Предчувствовавшееся и ожидаемое символистами преображение реальности, как показал наступивший после поражения революции 1905 г. период реакции, обернулось победой «страшного мира». Сознание этой победы совпало для Блока с первыми предощущениями будущей мировой войны, ожидающих страну, человечество новых исторических катастроф и испытаний. В этих условиях для такого мыслящего человека и великого художника, как Блок, остро встал вопрос о том, по каким путям должна развиваться дальше русская поэзия, чтобы быть на высоте задач, поставленных перед нею новым периодом национальной и мировой жизни.

Гумилёву в начале 10-х годов не было свойственно присущее Блоку как национальному поэту чувство приближающихся для России грозных исторических испытаний. Его юношеское заносчивое желание «изменить мир», подобно Будде и Христу,4 постепенно развеялось, сменившись мыслью об иной, значительно более скромной по своим масштабам реформе, ограничивающейся областью поэзии и лежащего в ее основе художественного мироощущения. В основу этой реформы легли мысли, навеянные в какой-то мере уроками В. Я. Брюсова.

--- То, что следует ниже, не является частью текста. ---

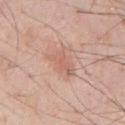This lesion was catalogued during total-body skin photography and was not selected for biopsy. Imaged with white-light lighting. Automated tile analysis of the lesion measured a mean CIELAB color near L≈62 a*≈22 b*≈28, roughly 7 lightness units darker than nearby skin, and a normalized border contrast of about 5. The software also gave a border-irregularity rating of about 4/10, internal color variation of about 2.5 on a 0–10 scale, and a peripheral color-asymmetry measure near 1. The analysis additionally found a nevus-likeness score of about 25/100 and a lesion-detection confidence of about 100/100. A male subject aged approximately 60. Cropped from a total-body skin-imaging series; the visible field is about 15 mm. The lesion is on the front of the torso.

Однако советы мэтра по-своему были поняты и осмыслены его учеником, который не только признал себя теперь закончившим свои «годы ученичества», но уже решился бросить открытый вызов своему учителю и другим поэтам, творчество которых в 1900-е годы определяло лицо русской поэзии.

«Поэзия бывает исключительно страстию немногих, родившихся поэтами; она объемлет и поглощает все наблюдения, все усилия, все впечатления их жизни», — писал Пушкин.5 Слова эти в высшей степени хочется отнести к Гумилёву, хотя его поэтическое становление и было необычно замедленным: будучи всего на 6 лет моложе Блока, начав писать стихи в самом начале 1900-х годов (а после 1906г. выпустив один за другим целый ряд поэтических сборников), Гумилёв достиг подлинной поэтической зрелости лишь в последние годы жизни, очистившись и закалившись в суровой обстановке революционной эпохи, когда его поэзия обрела неведомые ей прежде величественность и высокое трагическое звучание, и Гумилёв, которому так долго не удавалось сбросить с себя путы юношеской романтики и груз (осужденного им самим в его ответах на известную составленную К. И. Чуковским анкету об отношении крупнейших поэтов эпохи к Некрасову) «эстетизма»,6 предстал перед своими современниками и потомством в качестве достойного продолжателя высших достижений русской поэзии. Несмотря на непростое, затрудненное развитие его поэтического дара, вопросы поэзии всю жизнь были тем внутренним стержнем, вокруг которого вращалась мысль Гумилёва. И хотя его рецензии и статьи о русской поэзии неравноценны (а иногда изложенные в них мысли более или менее случайны), в них все же просматривается единое направление, единая «генеральная линия».